The legal adoption by one person of the offspring of another was unknown to the common law. In this state, and in the states of the Union generally, it is the creature of statute, and, though the proceeding here is had in our district courts, the jurisdiction is conferred by the statute, is exercised in a special manner and not according to the course of the common law. Under these circumstances the rule is uniform that the presumption in favor of the acts of a court of general jurisdiction does not obtain (Galpin v. Page, 18 Wall. 350, 367, 21 L.Ed. 959); on the contrary, every fact essential to the exercise of the special jurisdiction conferred must appear from the record.

"It is an established rule that when a court of general jurisdiction has special and statutory powers conferred upon it, which are wholly derived from statute, and not exercised according to the course of the common law, or are not part of its general jurisdiction, it is to be regarded as quoad hoc an inferior or limited court, and its judgments to be treated accordingly, that is, its jurisdiction must appear on the record and cannot be presumed." (1 Black on Judgments, sec. 279; Morse v. Presby, 25 N.H. 299; Furgeson v. Jones, 17 Or. 204, 11 Am. St. Rep. 808, 3 L.R.A. 620, 20 P. 842; Ex parte Clark,87 Cal. 638, 25 P. 967; Vaughan v. Hubbard, 38 Idaho, 451,221 P. 1107; Ex parte Parnell (Okla.Cr.App.), 200 P. 456; 1 Freeman on Judgments, 5th ed., sec. 389; 15 C.J. 831; 15 R.C.L. 883.) *153

Our attention is directed to In re McKeag's Estate, 141 Cal. 403, 99 Am. St. Rep. 80, 74 P. 1039, wherein a recital in an order of adoption somewhat similar to the recital in the order before us was held to be sufficient to show the presence in court of the parent, the father of the child; but in that proceeding the father actually gave his consent in writing to the adoption, and the order recited "that the petitioner and said minor child and all other persons whose consent is necessary have appeared herein." Furthermore, the attack there was made in a collateral proceeding, and whether under like circumstances we would reach the same conclusion is not material now. It is sufficient to say that the decision does not reflect upon the question before us.

While our adoption statute does not provide for notice in express terms, by necessary implication it requires that notice be given to the parents even though they may be non-residents of this state. (1 Cal. Jur. 429.)
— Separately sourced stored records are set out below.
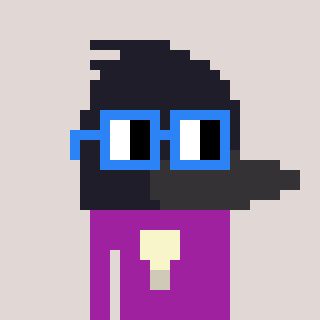
a pixel art character with square blue glasses, a raven-shaped head and a magenta-colored body on a warm background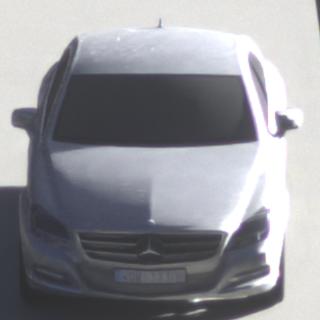
Make: Mercedes-Benz
Model: CLS Coupé 350
Detailed model: CLS-Class (218) Coupé
Model produced from: 2011/01
Model produced until: 2014/07
Doors: 4
Color: white
Road condition: dry road
Daytime: morning or afternoon
Contrast: medium contrast

It is insisted by defendants that the jurisdiction of the[6] district court could have been tested by habeas corpus proceeding, and therefore the writ of review ought not to have been issued. It is true that in this state a writ of review issues only in case there is not an appeal, or, in the judgment of the court, any other plain, speedy and adequate remedy. (Sec. 9837, Rev. Codes.) The order of adoption is not appealable (sec. 9731), hence the inquiry: Is the remedy by habeas corpus plain, speedy and adequate?

The order of adoption, if permitted to stand, fixes the legal status of the child; it changes the relationship of the child to its natural parents (sec. 5864), establishes a new relationship as between it and the foster-parents, affects the course of descent, and, as in this instance, gives the child a new name (sec. 5863). It must be conceded that a judgment in habeascorpus could not go further than to determine the legality of the custody of the child. It could not obliterate the record made in the adoption proceeding, which is the very *154 end sought to be accomplished by the writ of review. For this reason we hold that the remedy by habeas corpus is not adequate, and that the writ of review was issued properly.
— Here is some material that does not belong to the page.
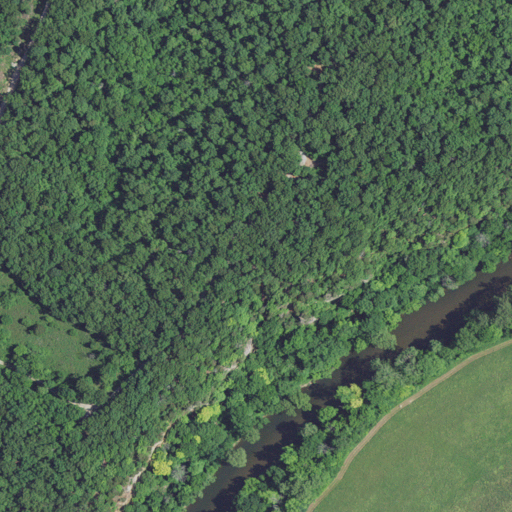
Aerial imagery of cliff(s) in Missouri named Robinson Bluff containing deciduous forest, pasture, shrub, woody wetlands, open development, mixed forest, and open water

In passing, we direct attention to the fact that in this state[7] only persons who are, or who may become, citizens of the United States may adopt a minor child (sec. 5856, Rev. Codes), and that it does not appear from the record before us that either W.A. or Ella Bruckert possesses this necessary qualification.

It is our conclusion that by reason of the failure to secure the consent of the mother, or, in lieu thereof, to give notice to her of the pendency of the adoption proceeding, the order of adoption as to her is void, and accordingly it is annulled.

Order annulled.

MR. CHIEF JUSTICE CALLAWAY and ASSOCIATE JUSTICES GALEN, STARK and MATTHEWS concur.